2.5 Emerging Trends in PTSD Treatment
In the treatment of PTSD, cognitive behavioral therapies (CBT), particularly Prolonged Exposure (PE) and Cognitive Processing Therapy (CPT), are widely regarded as gold-standard interventions. Nevertheless, ongoing research continues to explore novel therapeutic approaches, as a substantial proportion of patients do not achieve full remission following first-line treatments (Burback et al., 2024).
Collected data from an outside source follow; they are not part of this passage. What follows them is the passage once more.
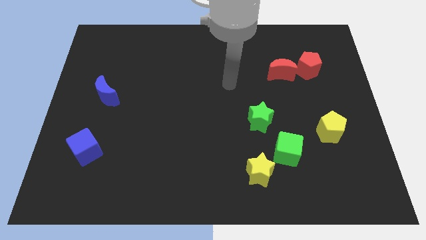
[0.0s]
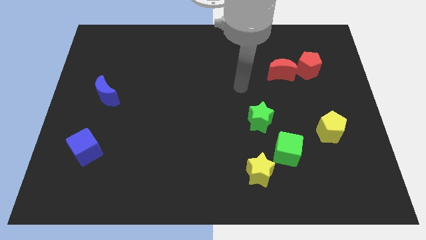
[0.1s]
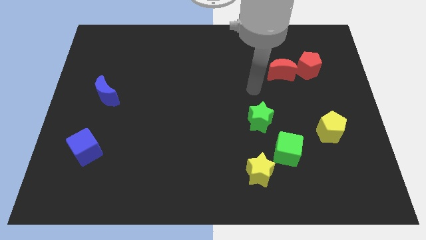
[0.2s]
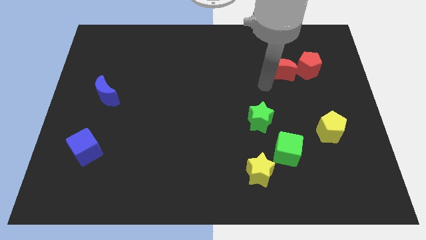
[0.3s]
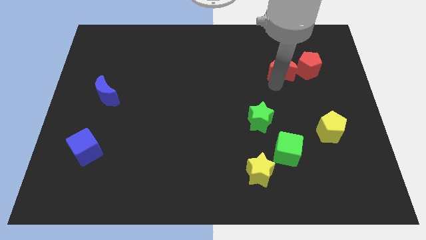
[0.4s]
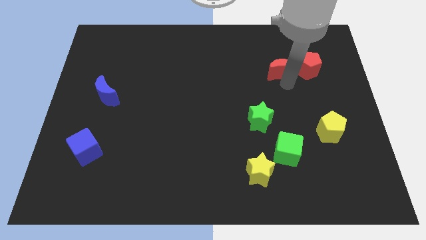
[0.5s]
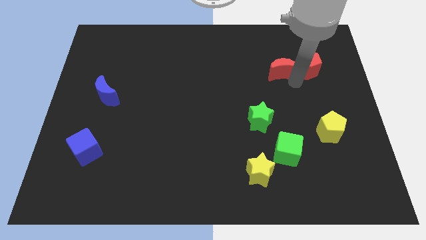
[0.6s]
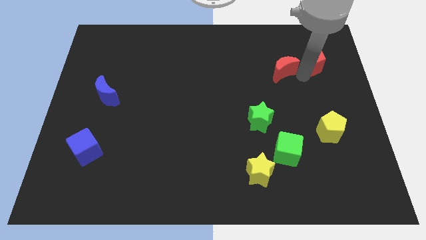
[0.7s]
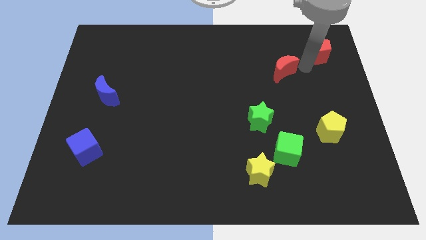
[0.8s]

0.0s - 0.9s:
move the red moon away from the red pentagon

Mindfulness-based interventions have been studied as adjunctive or alternative treatments for PTSD, though meta-analyses indicate mixed outcomes and variability in the quality and types of interventions reviewed (Mindfulness-Based Interventions for Psychological Trauma and Posttraumatic Stress Disorder (PTSD), 2025). Approaches such as mindfulness-based stress reduction and mindfulness-based cognitive therapy demonstrate relatively low dropout rates and moderate to large treatment effects in PTSD populations. Mindfulness interventions may provide therapeutic benefits by regulating emotional under- or over-modulation, processes central to PTSD symptomatology. Additionally, these interventions may facilitate the restoration of large-scale brain network connectivity, including interactions among the default mode network, central executive network, and salience network (Boyd et al., 2018).